[Items from a dataset]
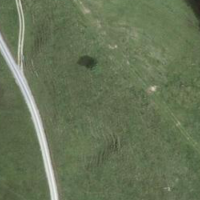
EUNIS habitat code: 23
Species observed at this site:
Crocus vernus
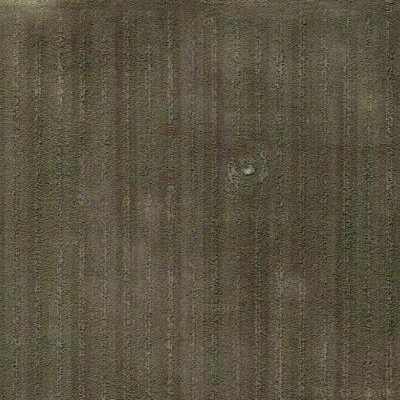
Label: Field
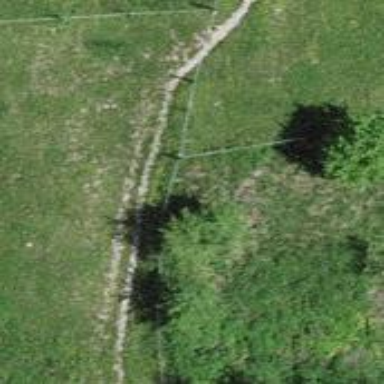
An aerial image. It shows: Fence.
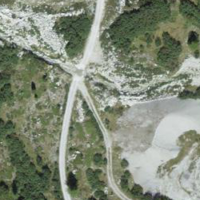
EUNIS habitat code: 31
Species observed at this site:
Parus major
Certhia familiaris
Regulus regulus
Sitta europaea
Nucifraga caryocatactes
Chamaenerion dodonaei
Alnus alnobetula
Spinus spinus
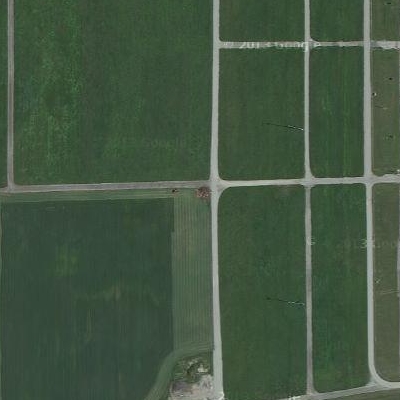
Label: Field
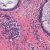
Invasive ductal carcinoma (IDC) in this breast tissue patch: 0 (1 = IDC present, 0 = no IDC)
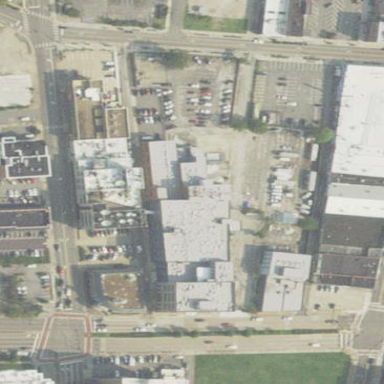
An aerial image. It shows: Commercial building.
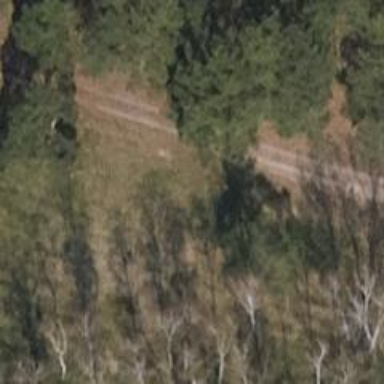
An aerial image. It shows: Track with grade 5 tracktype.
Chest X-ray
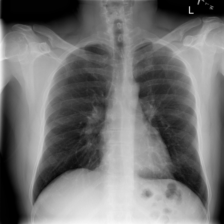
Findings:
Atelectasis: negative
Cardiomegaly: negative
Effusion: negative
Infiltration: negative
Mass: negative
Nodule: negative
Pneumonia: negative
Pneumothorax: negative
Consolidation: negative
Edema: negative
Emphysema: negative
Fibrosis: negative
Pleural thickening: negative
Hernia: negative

YOUR INSTRUCTIONS
What must be transcribed is the run of lines from the one containing "Edema: negative" to the last line of the data above, inclusive, and only that.

RESULT OF THIS EXERCISE
Edema: negative
Emphysema: negative
Fibrosis: negative
Pleural thickening: negative
Hernia: negative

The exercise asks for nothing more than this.